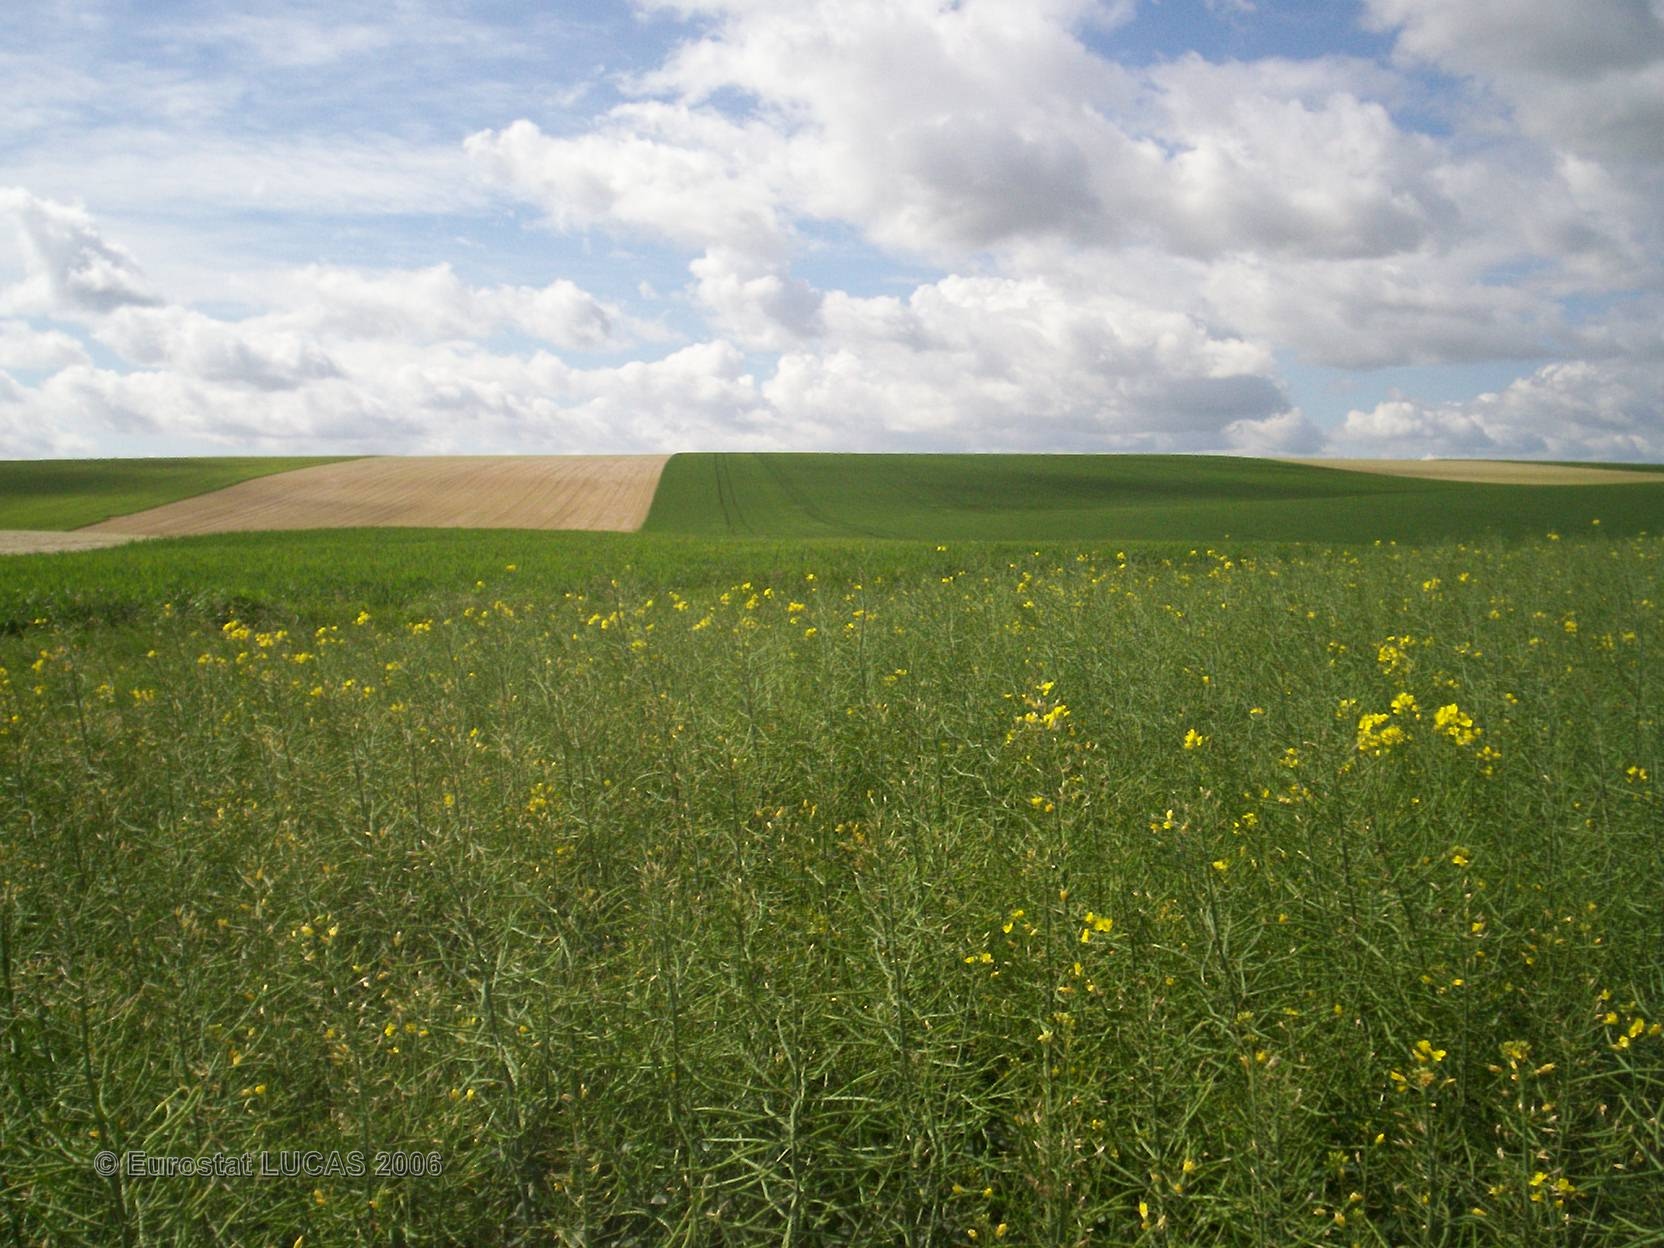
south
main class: Cropland
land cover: Rape and turnip rape
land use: Agriculture (excluding fallow land and kitchen gardens)
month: May
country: FR
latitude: 49.4715
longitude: 4.4347
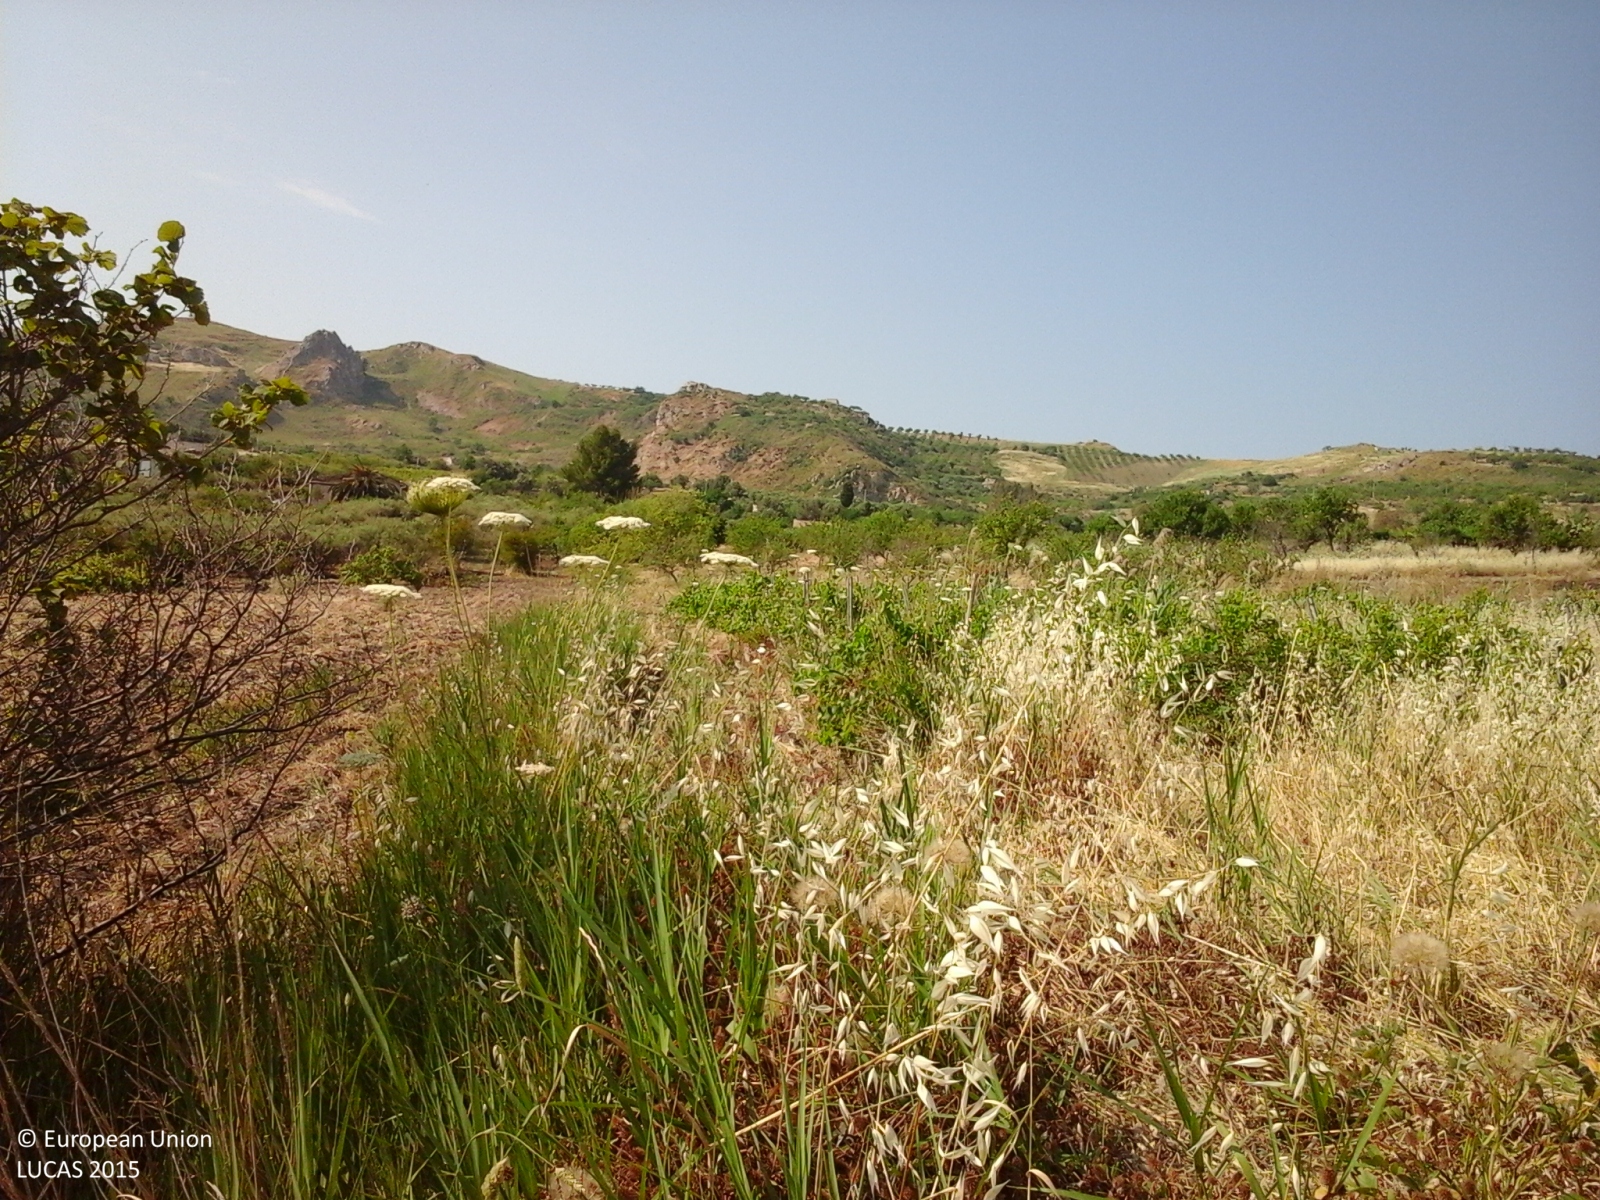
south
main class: Cropland
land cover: Olive groves
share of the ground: > 75 %
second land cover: Other bare soil
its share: > 75 %
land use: Agriculture (excluding fallow land and kitchen gardens)
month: June
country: IT
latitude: 37.3748
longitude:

Task details :: Write out exactly the lines from the one containing "longitude: 4.4347" through the last line of the records above, both ends included, and leave out any pictures.

Solution for this problem ::
longitude: 4.4347
south
main class: Cropland
land cover: Olive groves
share of the ground: > 75 %
second land cover: Other bare soil
its share: > 75 %
land use: Agriculture (excluding fallow land and kitchen gardens)
month: June
country: IT
latitude: 37.3748
longitude:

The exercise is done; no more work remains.